À 62 ans, Manon est comblée de retrouver sa parcelle dans le jardin De Lorimier. Elle vient de perdre son père, fauché il y a une semaine par le coronavirus.

Dans ce potager communautaire de 5000 mètres carrés du Plateau Mont-Royal, l'arrondissement le plus densément peuplé de Montréal, des jardiniers urbains enthousiastes cultivent chaque été quelque 180 parcelles sur un terrain de la ville.

Pour ce jour tant attendu par plusieurs, le soleil brille et la chaleur estivale fait oublier qu'il neigeait encore il y a deux semaines à peine à Montréal.

Plusieurs ne croyaient plus en cette réouverture, un mois plus tard que d'habitude. «On a eu peur qu'il n'y ait pas de jardin», alors que «le thème de l'autonomie alimentaire» est dans l'air, confie Christine Lamothe, une quinquagénaire arrivée sur place avec ses semences.

«Les jardins ont été fermés par la ville il y a deux mois et ça a fait un tollé partout», note Stéphane Espinosa, président du comité de ce jardin, qui souligne que la même mesure a été prise «dans l'ensemble du Canada».

C'est qu'au début de la pandémie mi-mars, ces jardins «n'étaient pas considérés comme un service essentiel», malgré leur «vertu nourricière, mais aussi psychologique», explique ce Marseillais d'origine.

Mais après moult pressions et pétitions, ils l'ont finalement été, se réjouit Stéphane, installé depuis «quinze hivers» au Québec.

«Pour de nombreuses personnes, les jardins communautaires sont plus qu'un loisir. Ils leur permettent de subvenir à leurs besoins et d'avoir accès à des produits frais à peu de coûts», a convenu Valérie Plante, maire de Montréal.

Pour les 97 jardins existant à Montréal depuis 45 ans, des «règles sécuritaires et sanitaires» ont forcément suivi, souligne Stéphane Espinosa.

La principale limite le nombre de personnes sur place à 35 en tout temps, alors que les autres années jusqu'à 400 personnes, en comptant les membres et leurs familles, pouvaient s'y retrouver.

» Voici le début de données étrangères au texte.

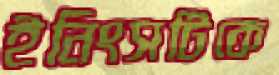
ইনিংসটিকে
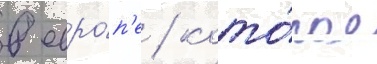
в евро́п'е / кото́рое
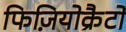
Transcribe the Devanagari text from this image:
फिज़ियोक्रैटों
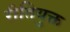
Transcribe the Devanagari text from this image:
रीतियुक्त
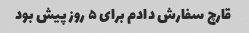
قارچ سفارش دادم برای ۵ روز پیش بود
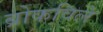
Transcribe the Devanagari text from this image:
ब्रोकविले
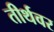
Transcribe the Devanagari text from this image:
तीर्थवर
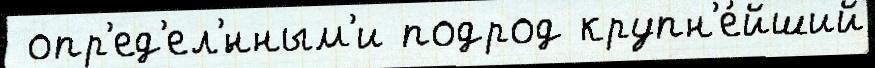
 опр'ед'ел'́нным'и подрод крупн'е́йший
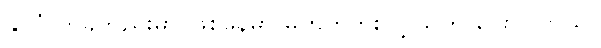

Toutes doivent respecter la distanciation physique et le port d'un masque et de gants de jardinage est conseillé. Elles doivent aussi se laver les mains en entrant dans le jardin clôturé, désinfecter le cadenas et le robinet.

Pour limiter l'affluence, «jusqu'au 1er juin, on peut juste venir (...) un jour sur deux», précise Christine Lamothe.

«Le plus gros changement, c'est de ne pas avoir accès à nos outils, qui sont normalement partagés entre tout le monde. Il faut apporter nos trucs de la maison», ajoute Yan Poudrier.

«Habituellement, on venait en famille, donc moi et mes trois enfants. Malheureusement là cette année, avec les restrictions du nombre d'individus, c'est difficile de venir avec les trois», regrette ce père de 39 ans.

Mais tous sont impatients de semer ou de mettre en terre les légumes qu'ils ont fait pousser dans leur logement pendant l'hiver. Le jardin est devenu «plus un lieu de culture et moins de socialisation», note Christine.

«Moi, je suis prêt à commencer à planter au plus» vite, dit Stéphane Espinosa, qui «calcule tout au centimètre près pour pouvoir en mettre le plus possible».

Le jardinage, selon lui, «est devenu quelque chose de très important pour les gens cette année en cette période de pandémie, parce qu'ils sont arrivés à retrouver leurs racines, à retrouver des gestes d'antan, à retrouver des liens avec les grands-parents».